=== Instructions to follow ===
Filter these entries down to the lines that hold the word "translate", and show each of them.

Data entries:
* * *

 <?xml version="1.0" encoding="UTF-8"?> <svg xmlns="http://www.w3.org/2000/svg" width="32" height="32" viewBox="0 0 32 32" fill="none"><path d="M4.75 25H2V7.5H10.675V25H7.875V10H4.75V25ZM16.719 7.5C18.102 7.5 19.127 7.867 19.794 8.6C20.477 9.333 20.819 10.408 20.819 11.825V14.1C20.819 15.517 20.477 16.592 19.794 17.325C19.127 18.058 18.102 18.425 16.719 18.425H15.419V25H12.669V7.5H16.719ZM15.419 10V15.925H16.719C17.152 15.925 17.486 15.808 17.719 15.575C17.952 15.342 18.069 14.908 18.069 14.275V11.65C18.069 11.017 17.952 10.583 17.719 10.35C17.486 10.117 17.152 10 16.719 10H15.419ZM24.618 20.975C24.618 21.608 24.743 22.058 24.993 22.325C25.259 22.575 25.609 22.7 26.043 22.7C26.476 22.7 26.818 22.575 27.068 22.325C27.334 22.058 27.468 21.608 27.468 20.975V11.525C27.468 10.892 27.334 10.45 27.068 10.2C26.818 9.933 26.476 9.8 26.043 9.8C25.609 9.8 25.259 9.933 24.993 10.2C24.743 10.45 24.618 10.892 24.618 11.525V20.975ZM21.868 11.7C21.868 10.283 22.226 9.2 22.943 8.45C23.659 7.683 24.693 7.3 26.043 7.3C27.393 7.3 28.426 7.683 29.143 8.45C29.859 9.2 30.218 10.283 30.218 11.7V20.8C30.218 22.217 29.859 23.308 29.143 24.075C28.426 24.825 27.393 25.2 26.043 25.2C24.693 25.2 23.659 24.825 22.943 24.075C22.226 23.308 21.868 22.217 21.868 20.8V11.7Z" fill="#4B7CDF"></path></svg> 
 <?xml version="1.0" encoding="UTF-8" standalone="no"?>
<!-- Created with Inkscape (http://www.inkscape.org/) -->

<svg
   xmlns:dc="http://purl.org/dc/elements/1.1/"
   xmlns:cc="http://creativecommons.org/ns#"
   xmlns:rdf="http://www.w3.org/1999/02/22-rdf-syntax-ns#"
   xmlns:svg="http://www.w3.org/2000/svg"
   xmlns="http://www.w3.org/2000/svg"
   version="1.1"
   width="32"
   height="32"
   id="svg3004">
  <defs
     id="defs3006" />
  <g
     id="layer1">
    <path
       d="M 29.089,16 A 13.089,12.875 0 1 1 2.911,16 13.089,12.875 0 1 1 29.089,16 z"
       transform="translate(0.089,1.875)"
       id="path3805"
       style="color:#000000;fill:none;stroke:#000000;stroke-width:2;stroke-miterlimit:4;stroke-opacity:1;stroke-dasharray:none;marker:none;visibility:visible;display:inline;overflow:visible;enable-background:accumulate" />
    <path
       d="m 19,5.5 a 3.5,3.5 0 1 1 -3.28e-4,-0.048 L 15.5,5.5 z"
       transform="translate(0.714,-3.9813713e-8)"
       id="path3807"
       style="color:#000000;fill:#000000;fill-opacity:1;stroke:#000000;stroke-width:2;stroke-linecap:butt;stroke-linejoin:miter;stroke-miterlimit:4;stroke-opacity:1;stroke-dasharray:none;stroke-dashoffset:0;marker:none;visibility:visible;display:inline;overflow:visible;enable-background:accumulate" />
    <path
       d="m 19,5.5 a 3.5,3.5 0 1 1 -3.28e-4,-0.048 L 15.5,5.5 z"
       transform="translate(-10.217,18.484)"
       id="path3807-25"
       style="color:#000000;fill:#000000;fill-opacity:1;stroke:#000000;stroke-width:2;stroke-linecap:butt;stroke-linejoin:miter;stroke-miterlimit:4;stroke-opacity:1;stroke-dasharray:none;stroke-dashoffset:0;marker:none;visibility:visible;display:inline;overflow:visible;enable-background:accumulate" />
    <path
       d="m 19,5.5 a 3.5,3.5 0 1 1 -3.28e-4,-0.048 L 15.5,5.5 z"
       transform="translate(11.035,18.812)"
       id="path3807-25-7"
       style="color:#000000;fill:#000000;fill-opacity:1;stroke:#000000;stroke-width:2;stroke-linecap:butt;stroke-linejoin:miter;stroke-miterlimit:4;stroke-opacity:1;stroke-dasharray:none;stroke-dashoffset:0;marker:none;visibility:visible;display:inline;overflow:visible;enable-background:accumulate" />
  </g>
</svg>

* * *

=== Task result ===
       transform="translate(0.089,1.875)"
       transform="translate(0.714,-3.9813713e-8)"
       transform="translate(-10.217,18.484)"
       transform="translate(11.035,18.812)"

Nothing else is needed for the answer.